Unfortunately, nobody has paid any attention to some of these important nuances.
Pray, how many Nigerian men that are aggrieved about the president’s statement would be glad to report to the kitchen for duty while their wives play with the TV remote control in the living room? By the same token, how many of our self-styled feminists would feel that the Nigerian women have come of age to their eternal joy because the kitchen was no longer the Most Frequently Visited Places (MFVP) in the house? It may surprise them to know that Angela Merkel still finds time to cook for her husband.
President Buhari has demonstrated that he cares about his wife in the way he had shaped, and continues to shape Aisha into a total woman that she is today.

It may interest us that Aisha Buhari (nee Halilu) married Muhammadu Buhari on December 2, 1989 with only a secondary school leaving certificate from her home state of Adamawa. Aisha would never have gone beyond the educational level she came into holy matrimony with Buhari if her husband truly believes that the women should play a second fiddle to the men. Under Buhari’s roof with his unflinching cooperation and most importantly his financial support Aisha’s education graduated from the rudimentary secondary level into the Master’s degree pedestal.

From his kitchen, Aisha holds a Bachelor of Arts degree in Public Administration from Ahmadu Bello University, Zaria. Perhaps Buhari believed he had permanently banished Aisha into the ‘other room’ that he never knew when his wife again received a Master’s degree in International Affairs and Strategic Studies from the Nigerian Defence Academy, Kaduna.

Buhari probably also thought Aisha was too busy in the living room that he didn’t realise when she collected—outside the country—a Diploma in Beauty Therapy from the Carlton Institute of Beauty Therapy, Windsor, United Kingdom and another Post-graduate diploma in Cosmetology and Beauty from Academy Esthetique Beauty Institute of France. As Mrs. Buhari, Aisha is a Member of the United Kingdom Vocational Training and Charitable Trust.

She’s also a Member of the International Health and Beauty Institute and an author of a book titled “Essentials of Beauty Therapy: A Complete Guide for Beauty Specialists” under her wrap around scarf, talk not of being a patron of various charity organisations s at home and abroad. Would all these impressive academic qualifications have been possible if Buhari truly believes that a woman’s place should be in “the kitchen and the ‘other room’”?
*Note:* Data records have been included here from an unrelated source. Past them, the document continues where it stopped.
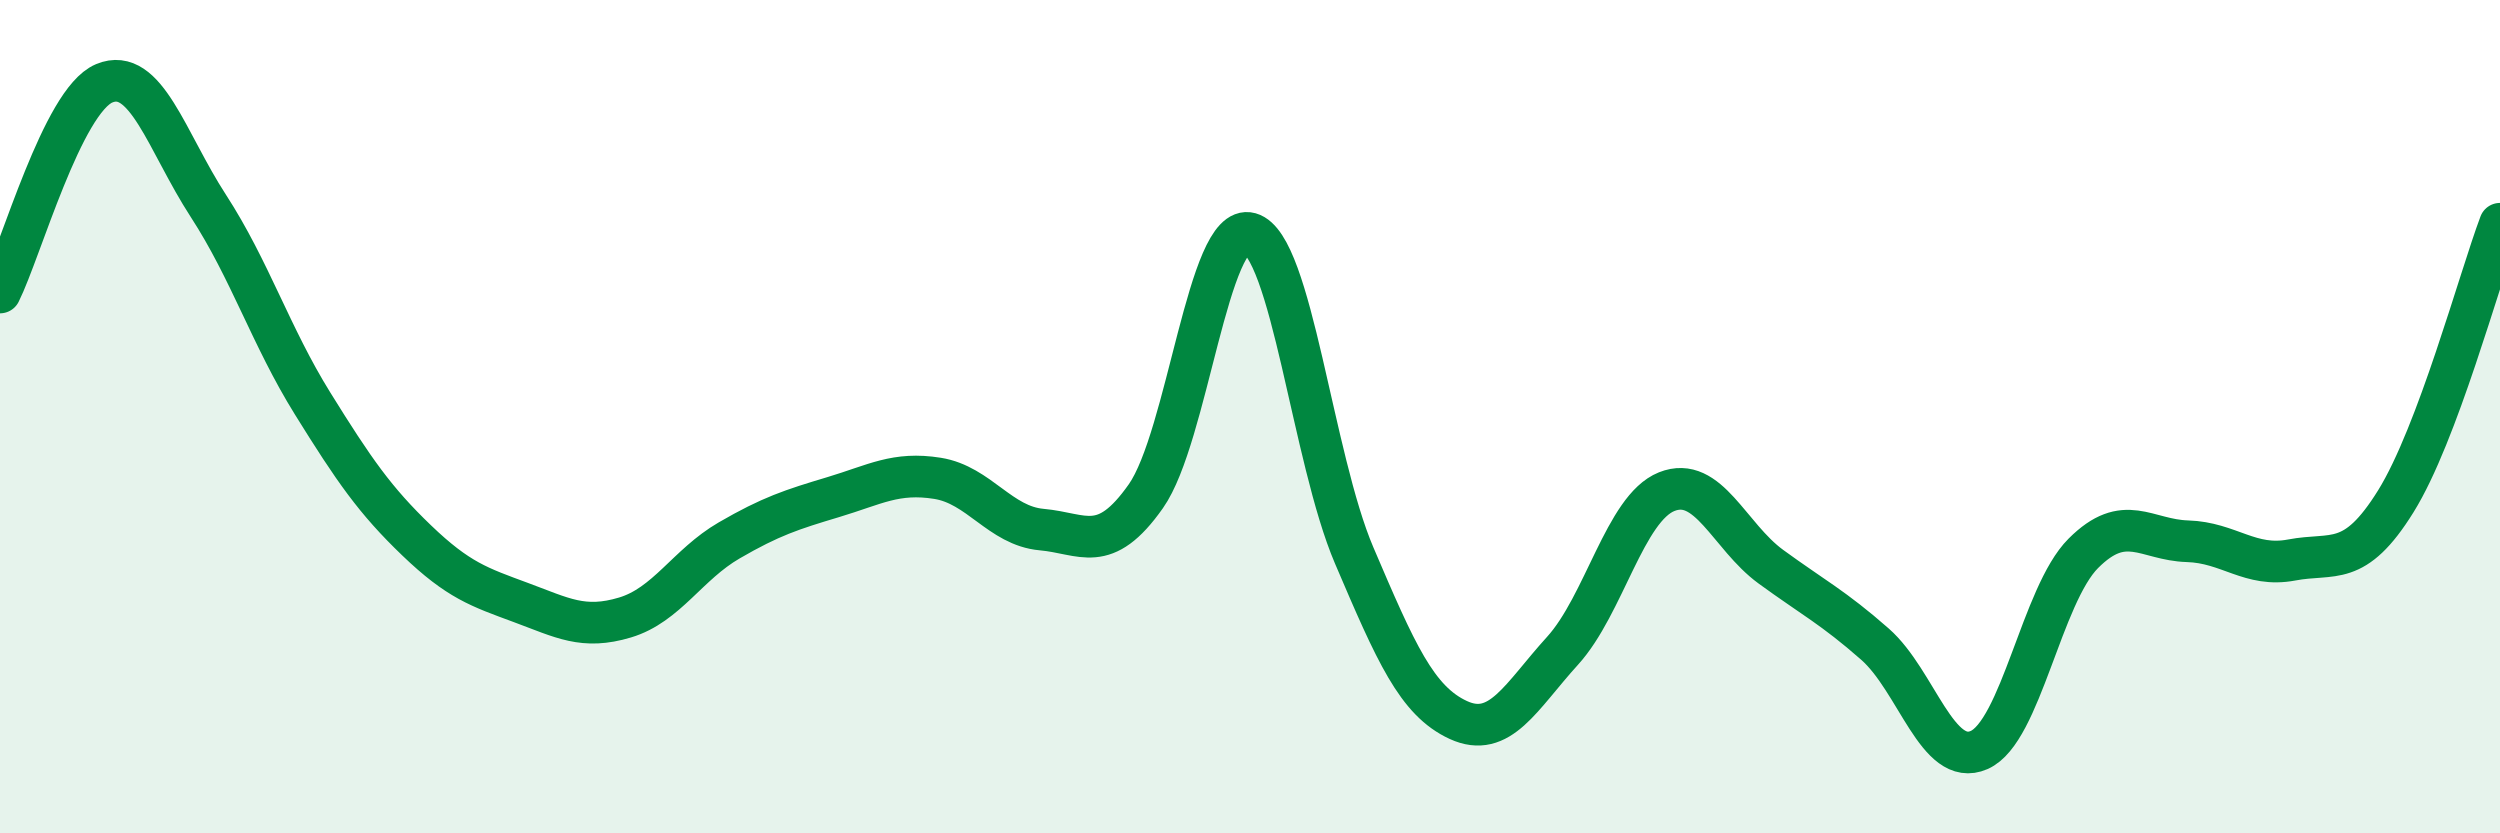 
    <svg width="60" height="20" viewBox="0 0 60 20" xmlns="http://www.w3.org/2000/svg">
      <path
        d="M 0,7.02 C 0.5,6.02 1.5,2.42 2.5,2 C 3.5,1.58 4,3.4 5,4.94 C 6,6.48 6.5,8.07 7.5,9.68 C 8.5,11.29 9,12.01 10,12.97 C 11,13.93 11.5,14.09 12.5,14.46 C 13.5,14.83 14,15.12 15,14.82 C 16,14.52 16.5,13.55 17.5,12.97 C 18.5,12.39 19,12.23 20,11.93 C 21,11.63 21.5,11.32 22.5,11.48 C 23.5,11.64 24,12.62 25,12.71 C 26,12.8 26.5,13.33 27.5,11.91 C 28.5,10.49 29,5.32 30,5.6 C 31,5.88 31.5,10.99 32.5,13.33 C 33.5,15.67 34,16.82 35,17.28 C 36,17.74 36.5,16.72 37.5,15.62 C 38.5,14.52 39,12.2 40,11.8 C 41,11.4 41.5,12.87 42.5,13.6 C 43.5,14.33 44,14.58 45,15.46 C 46,16.34 46.5,18.44 47.5,18 C 48.5,17.56 49,14.28 50,13.28 C 51,12.28 51.5,12.96 52.5,12.99 C 53.5,13.02 54,13.63 55,13.44 C 56,13.25 56.5,13.64 57.5,12.03 C 58.5,10.42 59.5,6.7 60,5.37L60 20L0 20Z"
        fill="#008740"
        opacity="0.1"
        stroke-linecap="round"
        stroke-linejoin="round"
      />
      <path
        d="M 0,7.02 C 0.5,6.02 1.5,2.42 2.5,2 C 3.5,1.58 4,3.4 5,4.94 C 6,6.48 6.5,8.07 7.5,9.68 C 8.5,11.29 9,12.01 10,12.97 C 11,13.93 11.5,14.09 12.5,14.46 C 13.5,14.83 14,15.12 15,14.82 C 16,14.52 16.5,13.55 17.5,12.97 C 18.5,12.39 19,12.23 20,11.93 C 21,11.63 21.5,11.32 22.5,11.48 C 23.5,11.64 24,12.62 25,12.71 C 26,12.8 26.5,13.33 27.5,11.91 C 28.5,10.49 29,5.32 30,5.6 C 31,5.88 31.5,10.99 32.5,13.33 C 33.5,15.67 34,16.82 35,17.28 C 36,17.74 36.5,16.72 37.5,15.62 C 38.5,14.52 39,12.2 40,11.8 C 41,11.4 41.5,12.87 42.5,13.6 C 43.5,14.33 44,14.58 45,15.46 C 46,16.34 46.5,18.44 47.5,18 C 48.5,17.56 49,14.28 50,13.28 C 51,12.28 51.5,12.96 52.5,12.99 C 53.5,13.02 54,13.63 55,13.44 C 56,13.25 56.5,13.64 57.5,12.03 C 58.5,10.42 59.5,6.7 60,5.37"
        stroke="#008740"
        stroke-width="1"
        fill="none"
        stroke-linecap="round"
        stroke-linejoin="round"
      />
    </svg>

It’s one thing to accuse President Buhari of lack of understanding of the 21st century “political correctness” of the west that flies in the face of our age-old African values of which our country and her people are a part, and should be proud of. It’s quite another to accuse the president of an attempt to make Nigerian women hewers of wood and drawers of water. What is more, Buhari has demonstrated a futuristic outlook through his wife while reminding the Nigerian women not to ever relegate their primary roles as mothers of the nation, which does not stop them from excelling in their careers.

Nigerians may not have had a truthful leader since the First Republic as they’re currently witnessing in the Buhari persona. And this may well be one of the unintended consequences of the Buhari and Aisha phenomenon in the Nigerian political landscape. It’s a welcome development we all should be yearning to get used to.